Yardeni has raised the probability of a market meltdown to 35% for the rest of the year, up from 20% previously. At the same time, he slashed the odds of a meltup — a rally driven more by investor enthusiasm than underlying fundamentals — to just 5% from 20%.

The shift in those weightings comes as oil prices surge above $100 a barrel and investors brace for a prolonged conflict in the Middle East that could send energy costs even higher. Expectations for Federal Reserve’s interest-rate cuts have already been pared back as investors come to terms with the prospect of slower growth and rising inflation at the same time.

“The US economy and stock market are stuck between Iran and a hard place currently. So is the Fed,” Yardeni wrote in a note. “If the oil shock persists, the Fed’s dual mandate would be stuck between the increasing risk of higher inflation and rising unemployment.”

US Stocks Have Slid as Iran War Dents Sentiment

The dollar has emerged as the haven asset of choice, with the Bloomberg Dollar Spot index up almost 2% since the war began. US stocks have so far seen a milder impact than global peers, with the S&P 500 Index falling 2% last week while MSCI’s broadest gauge of global equities slumped 3.7%.

The resilience can be partially attributed to the fact that the US has greater energy self-sufficiency than other markets such as Asia, according to Wilsons Advisory. Moreover, concerns over artificial intelligence spending and potential business disruption had already taken some wind out of US equities.

S&P 500 futures fell more than 2% in Asian trading hours Monday, signaling fresh pressure. Meanwhile, hedge funds boosted short positions in US equity exchange-traded funds and the Cboe VIX Index surged to the highest level since April’s tariff turmoil. Benchmark 10-year Treasuries yields jumped six basis points as traders priced in higher inflation.

Investors have pushed back expectations for the Fed’s next quarter-point rate cut to September. At the end of February, before the war erupted, traders had fully priced in a move by July. Some bond options traders are now betting the Fed may not cut rates at all this year.

Adding to concerns of a prolonged war, Trump said Sunday evening that the military campaign against Iran was worth any near-term pain because it would deliver lasting benefits, calling $100 oil a “small price to pay.”

Yardeni has gotten market calls right in the past. In December, the strategist recommended effectively going underweight the so-called Magnificent Seven technology stocks versus the rest of the S&P 500.

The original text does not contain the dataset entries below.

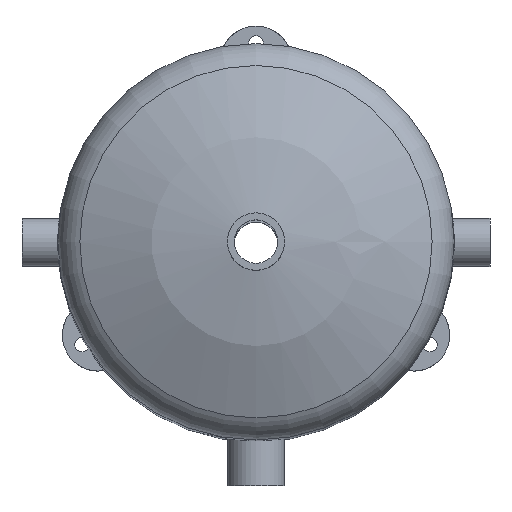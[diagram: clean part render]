
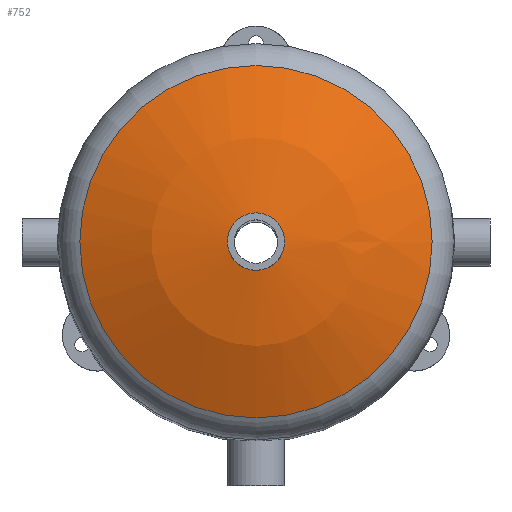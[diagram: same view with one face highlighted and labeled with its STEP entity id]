
A CAD part, top view. The second image highlights one B-rep face of the part: STEP entity #752.
In plain terms, the highlighted spherical face has radius 276 mm.
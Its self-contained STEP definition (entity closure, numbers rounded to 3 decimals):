
#168=SPHERICAL_SURFACE('',#843,276.);
#207=FACE_BOUND('',#346,.T.);
#257=FACE_OUTER_BOUND('',#345,.T.);
#345=EDGE_LOOP('',(#681));
#346=EDGE_LOOP('',(#682));
#378=CIRCLE('',#831,20.);
#384=CIRCLE('',#842,122.667);
#441=VERTEX_POINT('',#1923);
#447=VERTEX_POINT('',#1940);
#520=EDGE_CURVE('',#441,#441,#378,.T.);
#526=EDGE_CURVE('',#447,#447,#384,.T.);
#681=ORIENTED_EDGE('',*,*,#520,.T.);
#682=ORIENTED_EDGE('',*,*,#526,.T.);
#752=ADVANCED_FACE('',(#257,#207),#168,.T.);
#831=AXIS2_PLACEMENT_3D('',#1924,#1015,#1016);
#842=AXIS2_PLACEMENT_3D('',#1941,#1037,#1038);
#843=AXIS2_PLACEMENT_3D('',#1942,#1039,#1040);
#1015=DIRECTION('center_axis',(0.,0.,-1.));
#1016=DIRECTION('ref_axis',(1.,0.,0.));
#1037=DIRECTION('center_axis',(0.,0.,1.));
#1038=DIRECTION('ref_axis',(1.,0.,0.));
#1039=DIRECTION('center_axis',(0.,0.,1.));
#1040=DIRECTION('ref_axis',(1.,0.,0.));
#1923=CARTESIAN_POINT('',(-20.,0.,64.274));
#1924=CARTESIAN_POINT('Origin',(0.,0.,64.274));
#1940=CARTESIAN_POINT('',(122.667,0.,36.243));
#1941=CARTESIAN_POINT('Origin',(0.,0.,36.243));
#1942=CARTESIAN_POINT('Origin',(0.,0.,-211.));
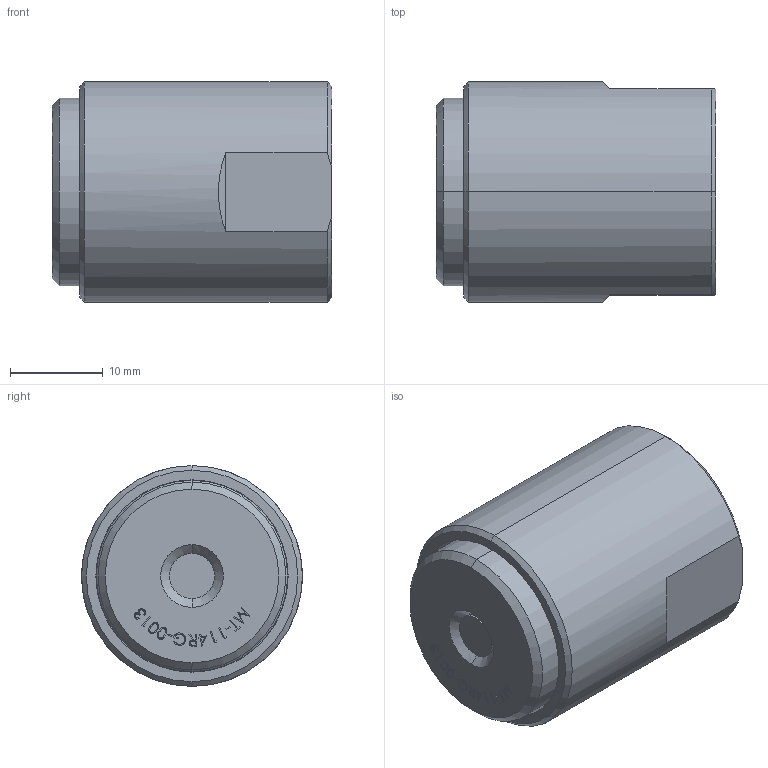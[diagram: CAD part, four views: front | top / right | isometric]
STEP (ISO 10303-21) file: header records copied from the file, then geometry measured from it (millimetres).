
FILE_DESCRIPTION (( 'STEP AP203' ), '1' );
FILE_NAME ('MT-114RG-0013.step', '2019-10-25T17:01:53', ( '' ), ( '' ), 'SwSTEP 2.0', 'SolidWorks 2020', '' );
FILE_SCHEMA (( 'CONFIG_CONTROL_DESIGN' ));
Length unit declared in the file: inch
Products named in the file (1): MT-114RG-0013
Bounding box: 30.15 x 23.79 x 23.79 mm (x, y, z)
Volume: 10175.4 mm3; surface area: 7378 mm2
Topology: 9 solids, 9 shells, 244 faces, 617 edges, 404 vertices
Faces by surface type: plane 113, bspline 49, cylinder 36, cone 30, sphere 10, torus 6
Entity records: 11723 total; most frequent: CARTESIAN_POINT 6273, ORIENTED_EDGE 1184, DIRECTION 945, EDGE_CURVE 592, VERTEX_POINT 389, VECTOR 351, LINE 351, AXIS2_PLACEMENT_3D 297
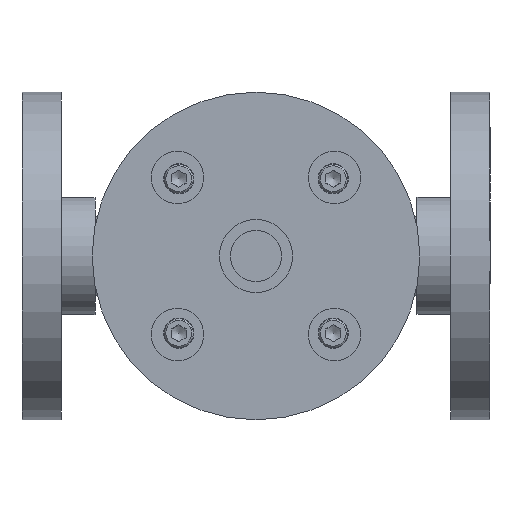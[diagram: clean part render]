
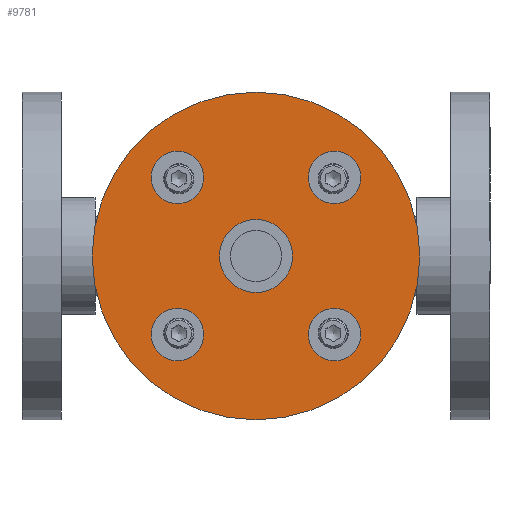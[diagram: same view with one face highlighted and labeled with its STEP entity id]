
A CAD part, front view. The second image highlights one B-rep face of the part: STEP entity #9781.
In plain terms, the highlighted planar face has unit normal (0, -1, 0).
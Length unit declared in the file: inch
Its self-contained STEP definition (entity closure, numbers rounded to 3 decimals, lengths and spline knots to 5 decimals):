
#9706=CARTESIAN_POINT('',(1.75,-1.67,0.));
#9707=VERTEX_POINT('',#9706);
#9708=CARTESIAN_POINT('',(0.,-1.67,0.));
#9709=DIRECTION('',(0.0,1.0,0.0));
#9710=DIRECTION('',(1.0,0.0,0.0));
#9711=AXIS2_PLACEMENT_3D('',#9708,#9709,#9710);
#9712=CIRCLE('',#9711,1.75);
#9713=EDGE_CURVE('',#9707,#9707,#9712,.T.);
#9718=CARTESIAN_POINT('',(1.07,-1.67,0.));
#9719=DIRECTION('',(0.0,-1.0,0.0));
#9720=DIRECTION('',(0.0,0.0,1.0));
#9721=AXIS2_PLACEMENT_3D('',#9718,#9719,#9720);
#9722=PLANE('',#9721);
#9723=ORIENTED_EDGE('',*,*,#9713,.F.);
#9724=EDGE_LOOP('',(#9723));
#9725=FACE_OUTER_BOUND('',#9724,.T.);
#9726=CARTESIAN_POINT('',(0.83969,-1.67,0.55969));
#9727=VERTEX_POINT('',#9726);
#9728=CARTESIAN_POINT('',(0.83969,-1.67,0.83969));
#9729=DIRECTION('',(0.0,1.0,0.0));
#9730=DIRECTION('',(0.0,0.0,1.0));
#9731=AXIS2_PLACEMENT_3D('',#9728,#9729,#9730);
#9732=CIRCLE('',#9731,0.28);
#9733=EDGE_CURVE('',#9727,#9727,#9732,.T.);
#9734=ORIENTED_EDGE('',*,*,#9733,.T.);
#9735=EDGE_LOOP('',(#9734));
#9736=FACE_BOUND('',#9735,.T.);
#9737=CARTESIAN_POINT('',(-0.55969,-1.67,0.83969));
#9738=VERTEX_POINT('',#9737);
#9739=CARTESIAN_POINT('',(-0.83969,-1.67,0.83969));
#9740=DIRECTION('',(0.0,1.0,0.0));
#9741=DIRECTION('',(-1.0,0.0,0.0));
#9742=AXIS2_PLACEMENT_3D('',#9739,#9740,#9741);
#9743=CIRCLE('',#9742,0.28);
#9744=EDGE_CURVE('',#9738,#9738,#9743,.T.);
#9745=ORIENTED_EDGE('',*,*,#9744,.T.);
#9746=EDGE_LOOP('',(#9745));
#9747=FACE_BOUND('',#9746,.T.);
#9748=CARTESIAN_POINT('',(-0.83969,-1.67,-0.55969));
#9749=VERTEX_POINT('',#9748);
#9750=CARTESIAN_POINT('',(-0.83969,-1.67,-0.83969));
#9751=DIRECTION('',(0.0,1.0,0.0));
#9752=DIRECTION('',(0.0,0.0,-1.0));
#9753=AXIS2_PLACEMENT_3D('',#9750,#9751,#9752);
#9754=CIRCLE('',#9753,0.28);
#9755=EDGE_CURVE('',#9749,#9749,#9754,.T.);
#9756=ORIENTED_EDGE('',*,*,#9755,.T.);
#9757=EDGE_LOOP('',(#9756));
#9758=FACE_BOUND('',#9757,.T.);
#9759=CARTESIAN_POINT('',(0.55969,-1.67,-0.83969));
#9760=VERTEX_POINT('',#9759);
#9761=CARTESIAN_POINT('',(0.83969,-1.67,-0.83969));
#9762=DIRECTION('',(0.0,1.0,0.0));
#9763=DIRECTION('',(1.0,0.0,0.0));
#9764=AXIS2_PLACEMENT_3D('',#9761,#9762,#9763);
#9765=CIRCLE('',#9764,0.28);
#9766=EDGE_CURVE('',#9760,#9760,#9765,.T.);
#9767=ORIENTED_EDGE('',*,*,#9766,.T.);
#9768=EDGE_LOOP('',(#9767));
#9769=FACE_BOUND('',#9768,.T.);
#9770=CARTESIAN_POINT('',(0.39,-1.67,0.));
#9771=VERTEX_POINT('',#9770);
#9772=CARTESIAN_POINT('',(0.,-1.67,0.));
#9773=DIRECTION('',(0.0,1.0,0.0));
#9774=DIRECTION('',(1.0,0.0,0.0));
#9775=AXIS2_PLACEMENT_3D('',#9772,#9773,#9774);
#9776=CIRCLE('',#9775,0.39);
#9777=EDGE_CURVE('',#9771,#9771,#9776,.T.);
#9778=ORIENTED_EDGE('',*,*,#9777,.T.);
#9779=EDGE_LOOP('',(#9778));
#9780=FACE_BOUND('',#9779,.T.);
#9781=ADVANCED_FACE('',(#9725,#9736,#9747,#9758,#9769,#9780),#9722,.T.);

His base case remains intact. The so-called “Roaring 2020s” scenario, which envisages a decade of robust and sustainable US growth fueled by rapid productivity gains, still carries a 60% probability through the end of the year.

The outlook is better over the coming decade. Yardeni assigns an 85% chance of a continuation of the Roaring 2020s. He also sees a 15% chance of a “stagflating 1970s redux.”

“If investors start expecting stagflation, a bear market is more likely,” he wrote.